The operation of the target pilot pressure of the target pilot pressure calculation unit 145a in the semi-automatic mode will be described with reference to FIG. FIG. 11 is a characteristic diagram for explaining an operation example of semi-automatic control of the control unit constituting one embodiment of the construction machine of the present invention. In FIG. 11, the horizontal axis indicates time, and the vertical axis indicates (a) boom raising lever operation amount (automatic), (b) boom cylinder raising target pilot pressure (automatic), and (c) arm lever operation amount (manual). ) And (d) respectively show arm cylinder target pilot pressure (manual).

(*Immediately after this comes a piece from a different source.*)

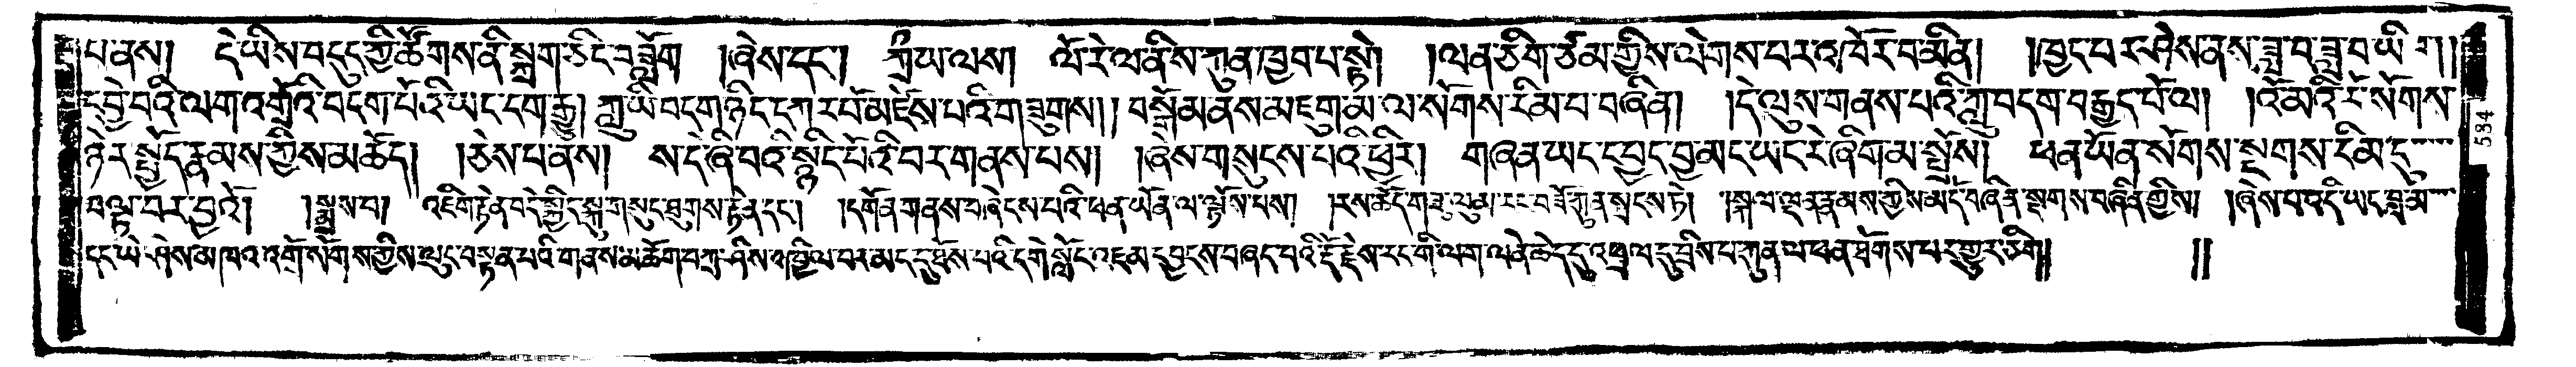པ་ནས། དེ་ཡིས་བདུད་ཀྱི་ཚོགས་ནི་སྐྲག་ཅིང་བཟློག། །ཞེས་དང་། ཀྲྀ་ཡ་ལས། ལོ་རེ་ལ་ནི་ཀུན་ཁྱབ་བ་སྟེ། །ལན་ཅིག་ཙམ་གྱིས་ལེགས་པར་འཁོར་བ་མིན། །ཁྱད་པར་ཤེས་ནས་ཟླ་བཟླབ་པ་ཡིག།
དབྱེ་བའི་ལག་འགྲོའི་བདག་པོའི་ཡང་དག་རྒྱུ། ཀླུ་ཡི་བདག་ཉིད་དཀར་པོ་མཛེས་པའི་གཟུགས། བསྒོམ་ནས་མཇུག་མ་ལ་སོགས་རིམ་བ་བཞིན། །དེ་ལུས་གནས་བའི་ཀླུ་བདག་བརྒྱད་པོ་ལ། །འོ་མ་རོ་སོགས་
ཉེར་སྦྱོད་རྣམས་ཀྱིས་མཆོད། །ཅེས་བ་ནས། ས་དེ་ཞི་བའི་སྙིང་པོའི་བར་གནས་པས། །ཞེས་གསུངས་པའི་ཕྱིར། གཞན་ཡང་དབྱངས་བྱ་མང་ཡང་རེ་ཞིག་མ་སྤྲོས། ཕན་ཡོན་སོགས་སྔགས་རིམ་དུ་
བལྟ་བར་བྱའོ། །སྨྲས་བ། འཇིག་རྟེན་བདེ་སྦྱི་སྐུ་གསུངས་ཐུགས་རྟེན་དང་། །དགོན་གནས་བཞེངས་པཱི་ཕན་ཡོན་ལ་ལྟོས་ལས། །ར་མཆོད་????་ཀླུན་སྲངས་ཏེ། །སྐལ་ལྡན་རྣམ་ཀྱིས་མདོ་བཞེན་སྔགས་བཞིན་གྱིས། །ཞེས་པ་འདི་ཡང་ཟླམ་
དང་ཡེ་ཤེས་མཁའ་འགྲོ་སོགས་ཀྱིས་ལུང་བསྟན་པའི་གནས་མཆོག་བཀྲ་ཤིས་པར་མང་རུ་ཐོས་པའི་དགེ་སློང་འཇམ་དབྱངས་བཞད་བའི་རྡོ་རྗེ་རང་གི་ལག་ལེན་ཆེད་དུ་འཕྲལ་དུ་བྲིས་པ་ཀུན་ལ་ཕན་ཐོགས་པར་གྱུར་ཅིག།། །།

FIG. 11 illustrates an example of an operation in the case of horizontal pulling in the semi-automatic control mode. As shown in (a), since the boom 17 is left to automatic control, the lever operation amount remains zero. The lever operation amount of the arm 18 is manually set to a constant value as shown in (C), and the arm target pilot pressure is also set to a constant value as shown in (d).

In this state, at time t1, since the toe of the bucket 19 is likely to exceed the construction target surface, automatic control is applied, and the boom raising target pilot pressure is increased and the boom raising operation is performed as shown in (b). The By assisting the operator's operation in this manner, the toe of the bucket 19 is prevented from exceeding the construction target surface. After the time t1, the increase in the boom raising target pilot pressure is stopped at the time t2 when the distance between the target surface and the toe of the bucket becomes a predetermined length or longer. After that, the boom raising operation is lowered gradually. Note that the distance between the target surface and the tip of the bucket 19 is calculated based on signals from posture sensors (not shown) provided on the boom 17, the arm 18, and the bucket 19 and construction target surface information from the target surface generation unit 146a.

Next, the processing contents from when the control unit receives the lever signal to when the target pilot pressure (command current to the electromagnetic proportional valve) is output will be described with reference to FIG. FIG. 12 is a flowchart showing processing from lever signal input to target pilot pressure calculation of the control unit constituting one embodiment of the construction machine of the present invention.

The control unit 100 determines whether or not the semi-automatic control mode is ON (step S1310). Specifically, the determination is made based on the ON / OFF selection signal of the semi-automatic control from the input semi-automatic mode switch 160. If the semi-automatic control mode is ON, the process proceeds to step S1320. Otherwise, the process proceeds to step S1210.

When the semi-automatic control mode is ON, the control unit 100 determines whether or not all lever neutrality determination is ON (step S1320). Specifically, it is determined whether all the operation levers are neutral. If it is determined that all levers are neutral, the process proceeds to step S1260. Otherwise, the process proceeds to step S1330.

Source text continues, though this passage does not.